Dataset records
====

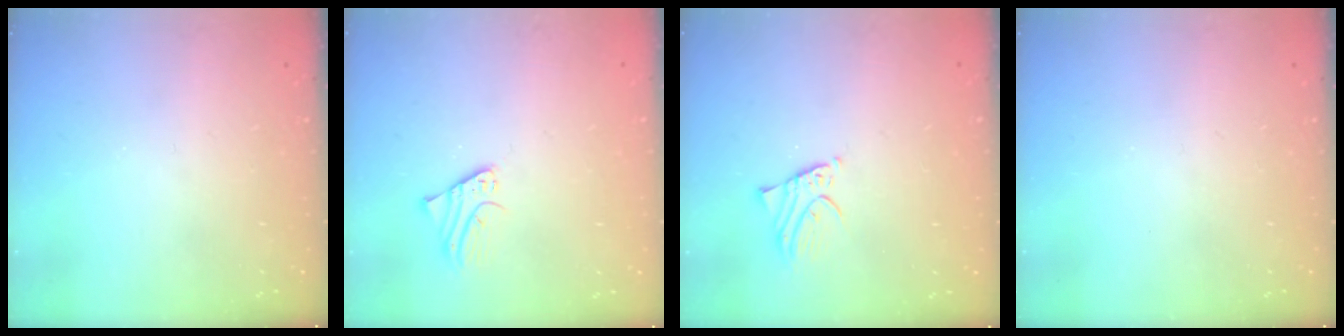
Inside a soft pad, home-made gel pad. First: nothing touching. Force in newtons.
{"total": 1.9, "press": 1.9, "slide": 0.1}
{"total": 1.9, "press": 1.9, "slide": 0.3}
{"total": 0.0}
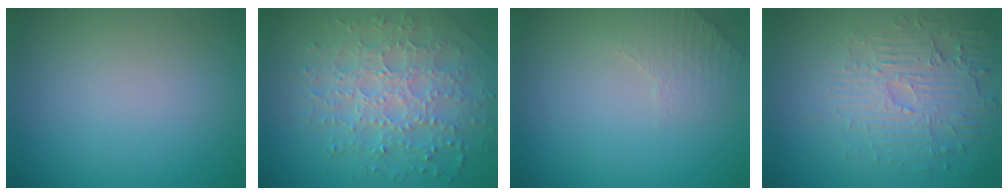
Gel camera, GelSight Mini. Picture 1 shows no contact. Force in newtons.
{"total": 7.3, "press": 5.2, "slide": 5.1}
{"total": 2.1, "press": 2.0, "slide": 0.5}
{"total": 4.1, "press": 3.7, "slide": 1.7}
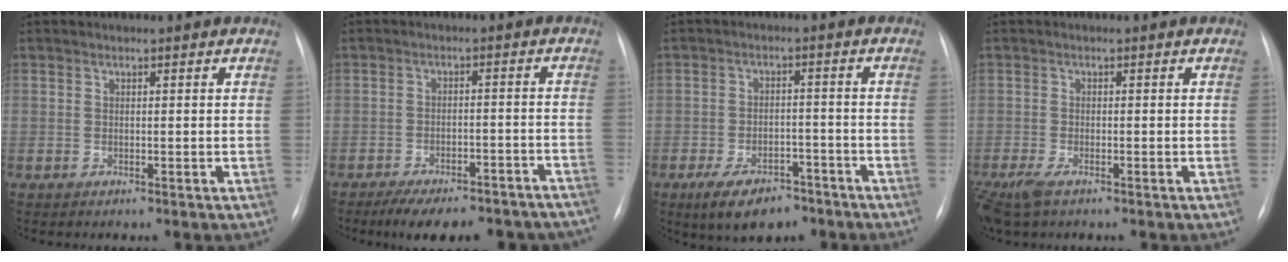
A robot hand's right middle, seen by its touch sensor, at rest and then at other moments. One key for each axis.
{"total": 16.5, "fx": -14.1, "fy": 5.3, "fz": 6.6, "tx": -0.086, "ty": 0.018, "tz": -0.178}
{"total": 8.4, "fx": -5.8, "fy": 3.9, "fz": 4.7, "tx": -0.081, "ty": -0.003, "tz": -0.089}
{"total": 5.3, "fx": -3.6, "fy": 1.7, "fz": 3.6, "tx": -0.079, "ty": -0.016, "tz": -0.063}
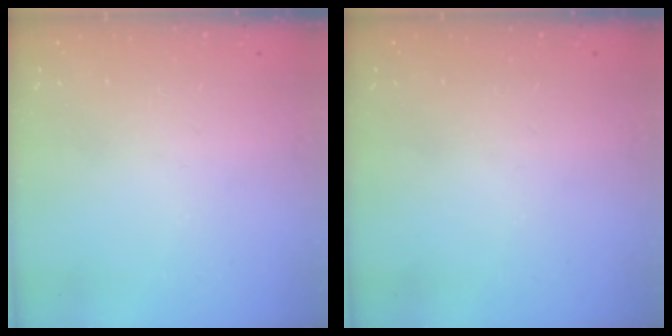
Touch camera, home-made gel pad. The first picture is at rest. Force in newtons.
{"total": 0.0}
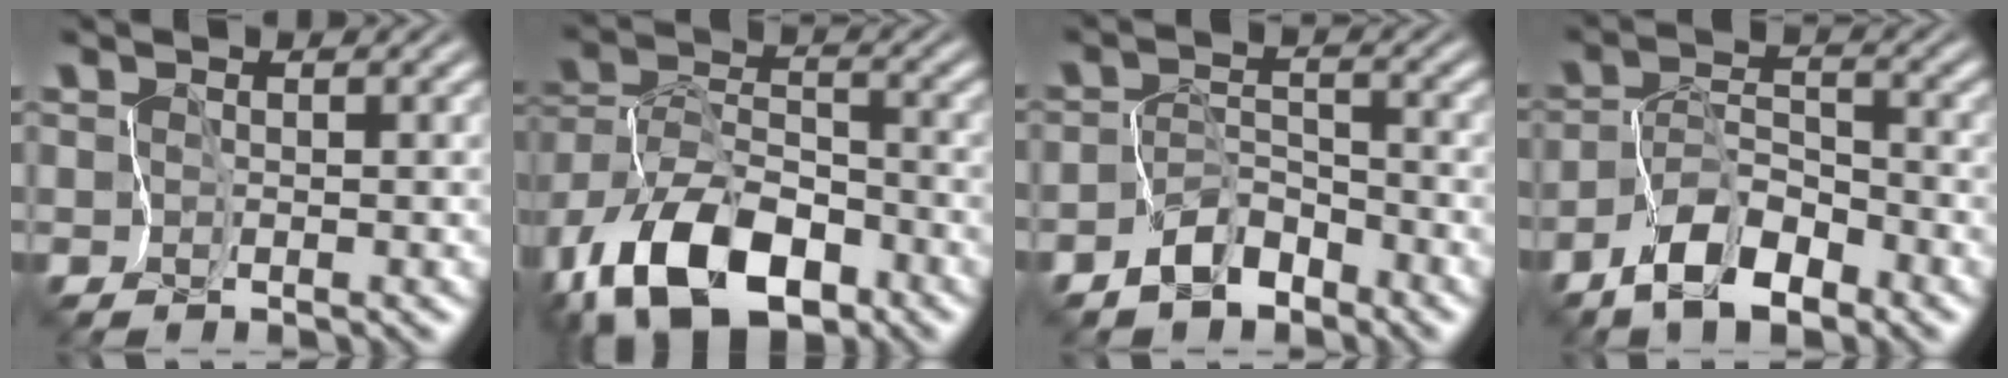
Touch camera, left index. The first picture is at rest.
{"total": 12.3, "force": [-8.1, 6.0, 7.1], "torque": [-0.136, 0.004, -0.153]}
{"total": 3.1, "force": [-2.4, 1.5, 1.1], "torque": [-0.015, 0.007, -0.044]}
{"total": 5.4, "force": [-3.9, 2.0, 3.2], "torque": [-0.056, 0.006, -0.076]}
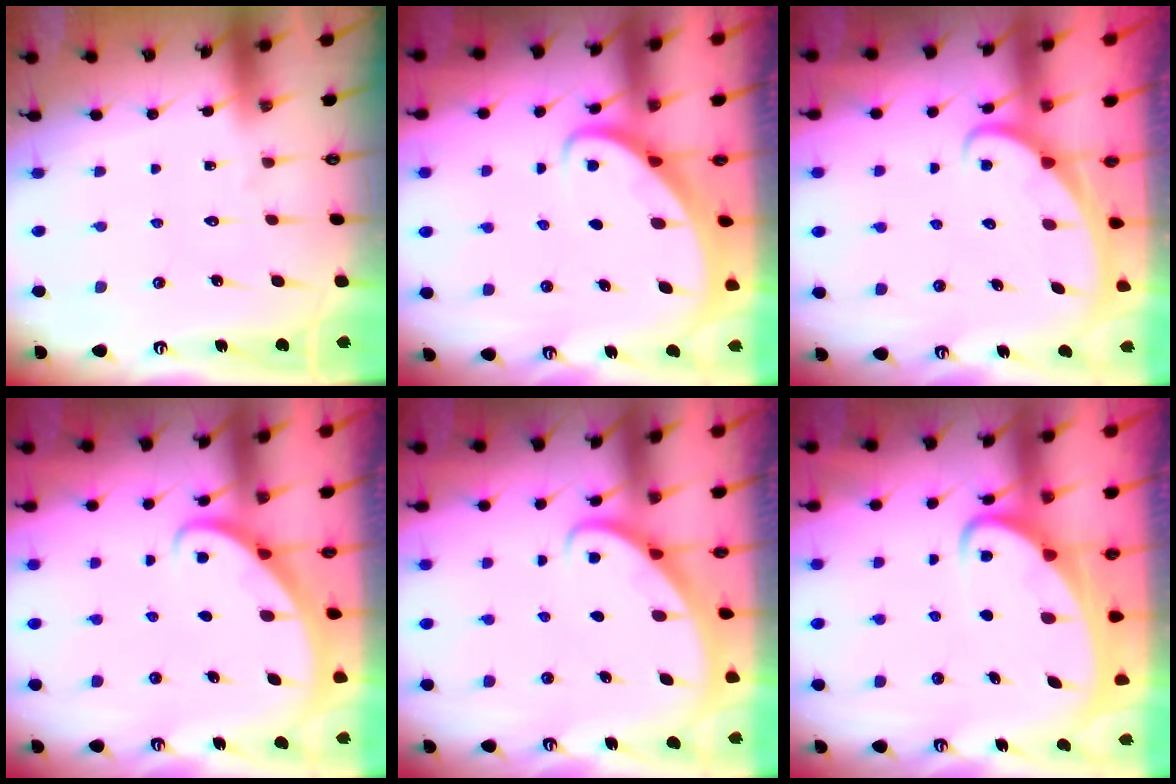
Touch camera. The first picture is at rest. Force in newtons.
{"total": 2.4, "press": 2.4, "slide": 0.3}
{"total": 2.5, "press": 2.5, "slide": 0.3}
{"total": 2.8, "press": 2.8, "slide": 0.2}
{"total": 2.7, "press": 2.7, "slide": 0.1}
{"total": 3.7, "press": 3.7, "slide": 0.5}
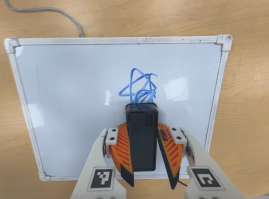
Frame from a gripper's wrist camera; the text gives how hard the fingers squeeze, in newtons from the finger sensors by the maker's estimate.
{"total": 8.8, "left": 8.8, "right": 8.8}
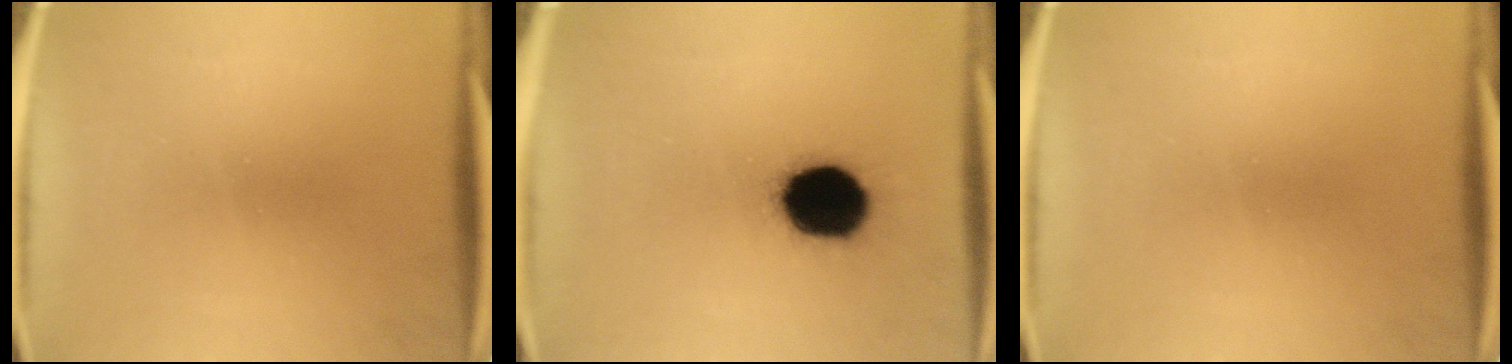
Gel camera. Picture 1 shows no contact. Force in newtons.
{"total": 15.6}
{"total": 0.0}
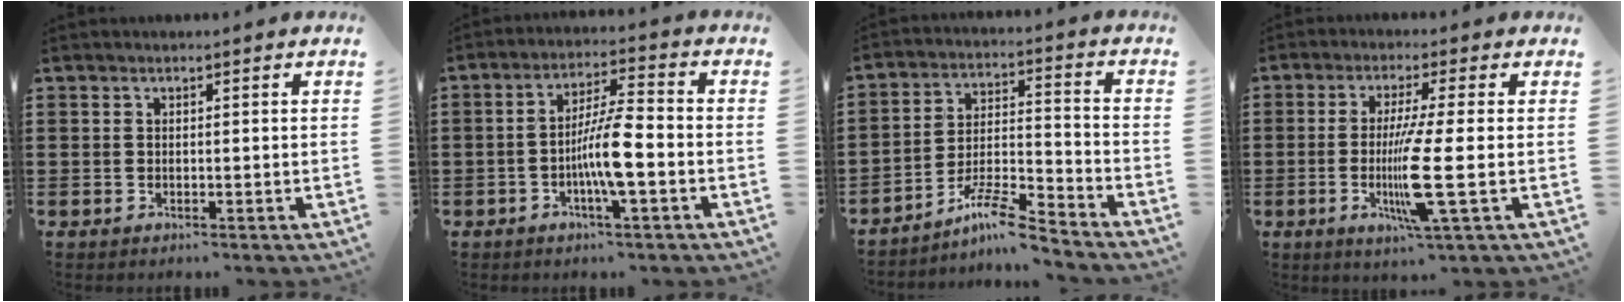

====

● Activity: Once the pictures are set aside, the remaining data must be transcribed exactly.

● Task result:
Inside a soft pad, home-made gel pad. First: nothing touching. Force in newtons.
{"total": 1.9, "press": 1.9, "slide": 0.1}
{"total": 1.9, "press": 1.9, "slide": 0.3}
{"total": 0.0}
Gel camera, GelSight Mini. Picture 1 shows no contact. Force in newtons.
{"total": 7.3, "press": 5.2, "slide": 5.1}
{"total": 2.1, "press": 2.0, "slide": 0.5}
{"total": 4.1, "press": 3.7, "slide": 1.7}
A robot hand's right middle, seen by its touch sensor, at rest and then at other moments. One key for each axis.
{"total": 16.5, "fx": -14.1, "fy": 5.3, "fz": 6.6, "tx": -0.086, "ty": 0.018, "tz": -0.178}
{"total": 8.4, "fx": -5.8, "fy": 3.9, "fz": 4.7, "tx": -0.081, "ty": -0.003, "tz": -0.089}
{"total": 5.3, "fx": -3.6, "fy": 1.7, "fz": 3.6, "tx": -0.079, "ty": -0.016, "tz": -0.063}
Touch camera, home-made gel pad. The first picture is at rest. Force in newtons.
{"total": 0.0}
Touch camera, left index. The first picture is at rest.
{"total": 12.3, "force": [-8.1, 6.0, 7.1], "torque": [-0.136, 0.004, -0.153]}
{"total": 3.1, "force": [-2.4, 1.5, 1.1], "torque": [-0.015, 0.007, -0.044]}
{"total": 5.4, "force": [-3.9, 2.0, 3.2], "torque": [-0.056, 0.006, -0.076]}
Touch camera. The first picture is at rest. Force in newtons.
{"total": 2.4, "press": 2.4, "slide": 0.3}
{"total": 2.5, "press": 2.5, "slide": 0.3}
{"total": 2.8, "press": 2.8, "slide": 0.2}
{"total": 2.7, "press": 2.7, "slide": 0.1}
{"total": 3.7, "press": 3.7, "slide": 0.5}
Frame from a gripper's wrist camera; the text gives how hard the fingers squeeze, in newtons from the finger sensors by the maker's estimate.
{"total": 8.8, "left": 8.8, "right": 8.8}
Gel camera. Picture 1 shows no contact. Force in newtons.
{"total": 15.6}
{"total": 0.0}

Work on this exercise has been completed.